O advogado-geral da União, ministro Luiz Inácio Adams, declarou à imprensa, ainda durante o julgamento da Petição 3388, em outubro do ano passado, que independente da decisão do STF a Portaria 303 entraria em vigor. Nos meses seguintes, porém, interlocutores do governo federal afirmaram às lideranças indígenas que Adams faria ajustes à portaria.

“Não se trata de ajustes, mas sim de revogação. Lá na ponta (regiões) a Portaria 303 vem sendo usada como justificativa para ataques contra nossos povos. Dizem que não, mas sabemos que ela está em vigor desde antes do julgamento de Raposa pelo STF”, declara Lindomar.

A revogação da Portaria 303, inclusive, vem servindo de empecilho para a efetivação da Convenção 169 da Organização Internacional do Trabalho (OIT). Entre seus pontos, a portaria garante a entrada, sem consulta prévia aos povos indígenas, de empreendimentos, inclusive do agronegócio, e bases militares no interior dos territórios tradicionais.

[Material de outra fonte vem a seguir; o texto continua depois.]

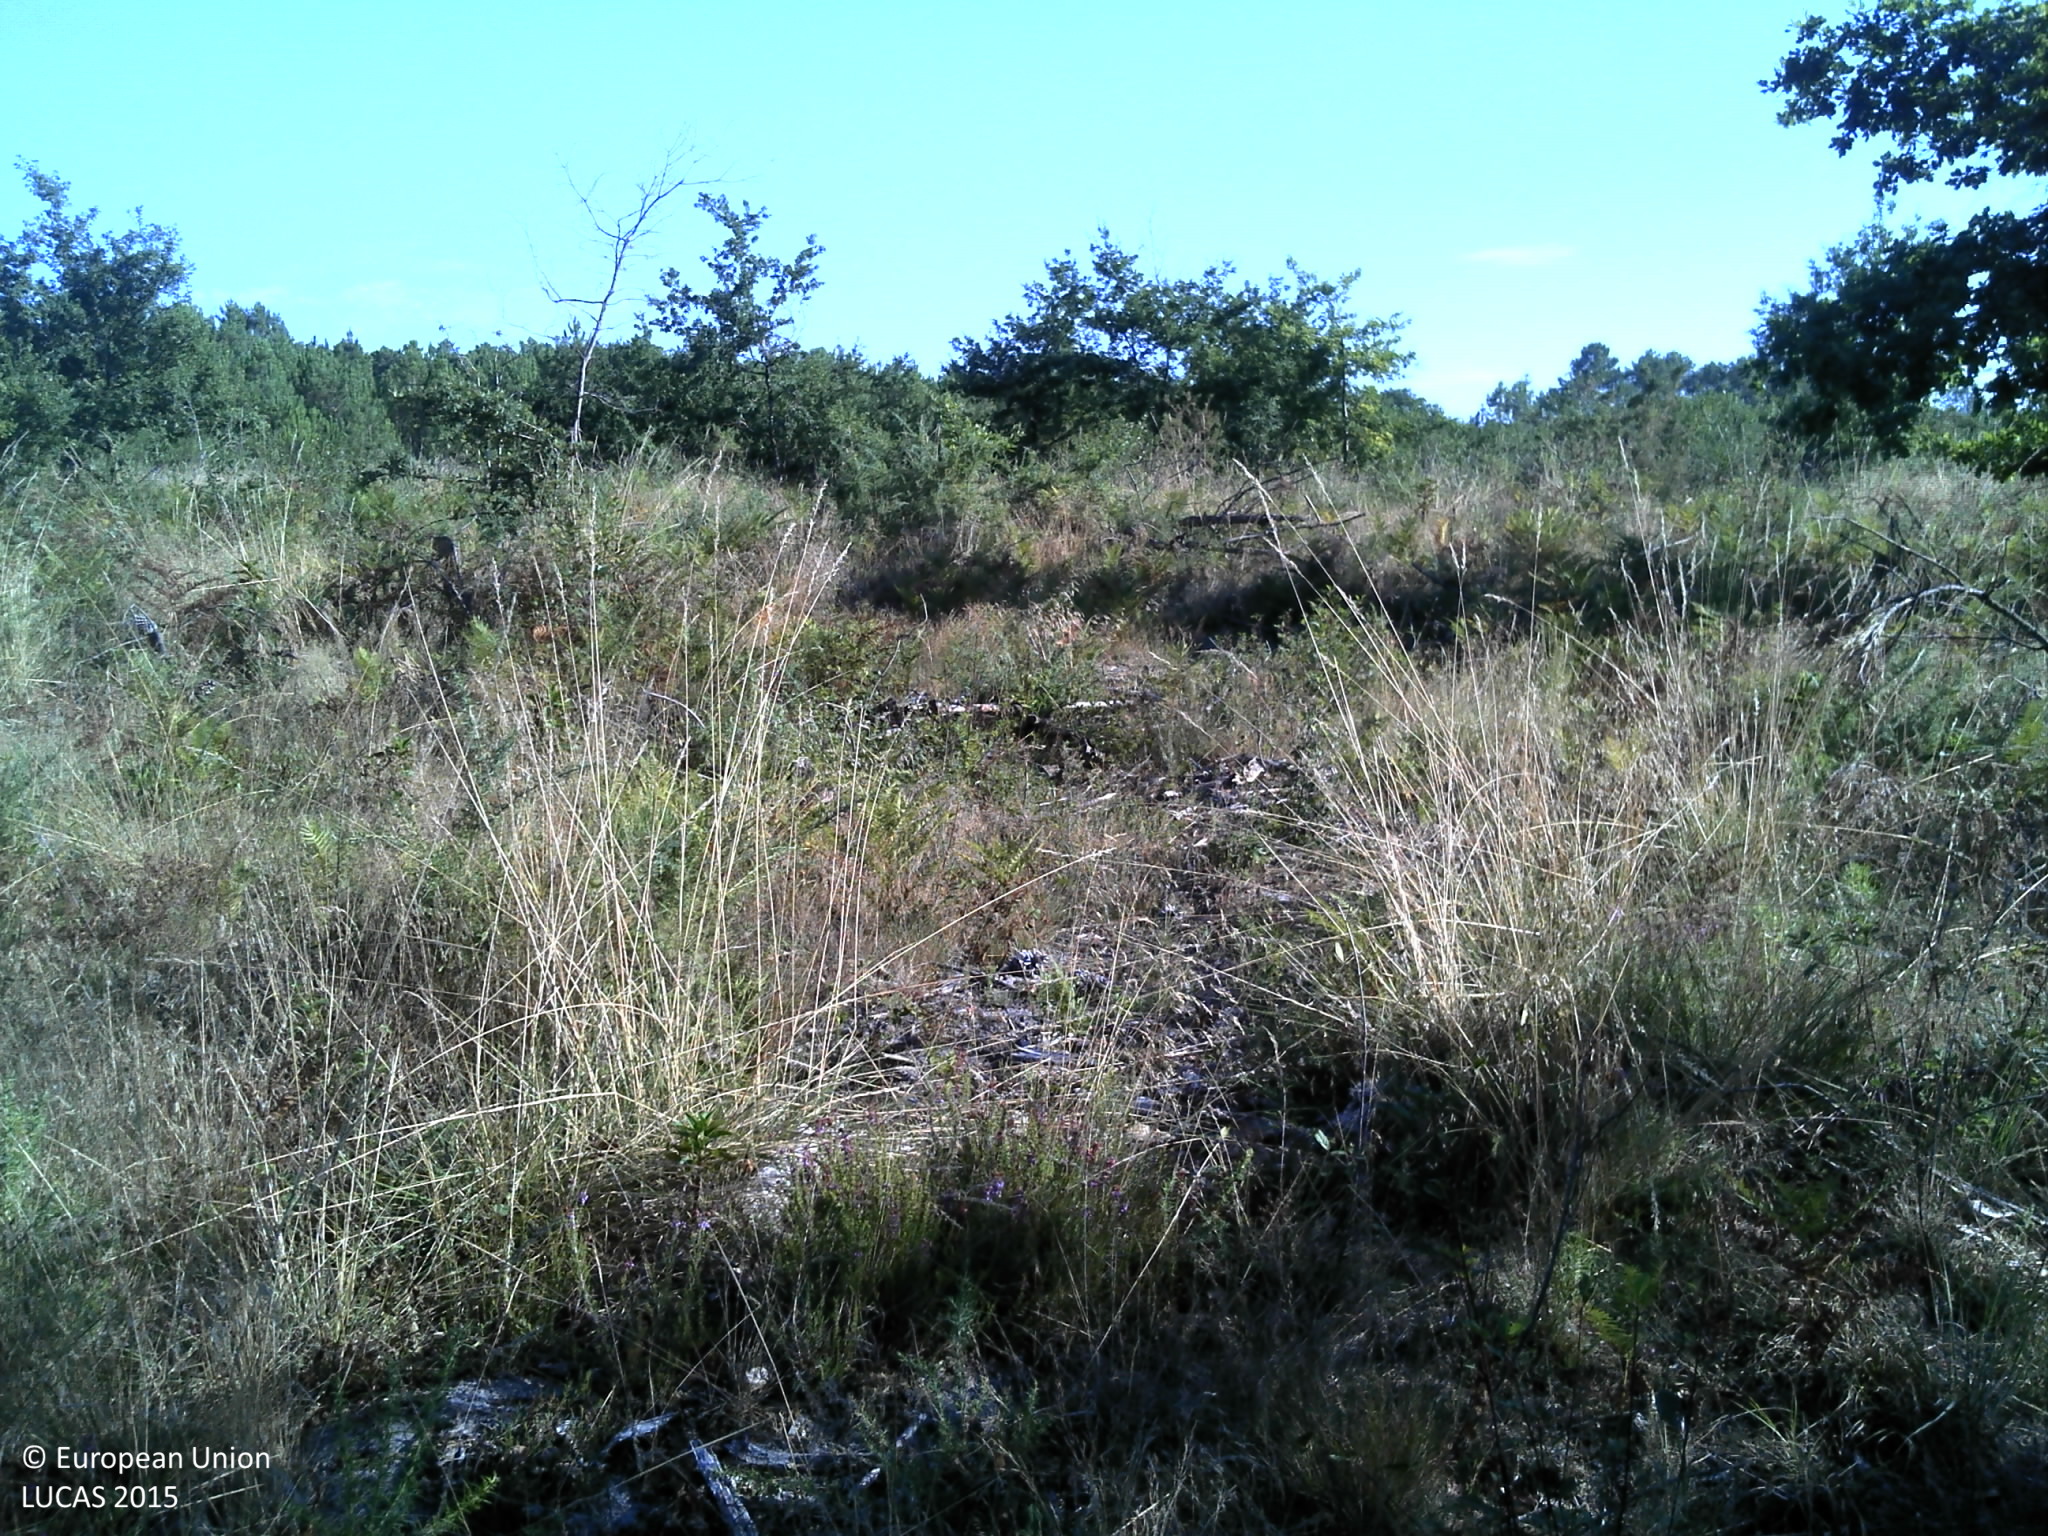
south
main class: Woodland
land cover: Pine dominated mixed woodland
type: coniferous forest of the mediterranean region
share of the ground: 50 - 75 %
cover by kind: broadleaved forest trees 50 %, coniferous forest trees 25 %, shrubs 15 %, herbaceous plants 5 %, lichens and mosses 5 %
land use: Forestry
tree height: < 5 m
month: August
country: FR
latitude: 44.5051
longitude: -0.6964

“Como pode o governo federal querer regulamentar a Convenção 169 com uma portaria que ataca o que diz a própria convenção? Nunca nos fechamos para o diálogo, mas como dialogar nestes termos? Então as demarcações quase não ocorrem, a Funai é deixada de lado e até mesmo o STF é desafiado”, analisa Lindomar.

Ampla ofensiva

Com a publicação do acórdão da Petição 3388, a Portaria 303 entrou em vigor e até o momento não foi revogada, suspensa ou sofreu qualquer alteração. Em dezembro do ano passado, todavia, a ofensiva contra o direito territorial dos povos indígenas seguiu: a instalação da Comissão Especial da Proposta de Emenda à Constituição (PEC) 215.

A instalação da comissão foi uma represália da bancada ruralista ao recuo do governo federal em alterar o Decreto 1775, que regulamenta a demarcação de terras indígenas. A minuta da proposta de alteração vazou para a imprensa e o ministro José Eduardo Cardozo, depois de protestos nacionais dos povos indígenas, optou por segurar as modificações.

“Somos frutos e raízes desta terra, mas o governo federal judia da gente. Estamos cansados de sermos mortos, violentados. As terras indígenas no Mato Grosso do Sul e no Brasil todo deveriam ser demarcadas, mas quando o governo não faz nada ele entrega para quem nos expulsou delas”, diz Getúlio Juca Guarani Kaiowá, representante da Aty Guasu, Grande Assembleia Guarani e Kaiowá.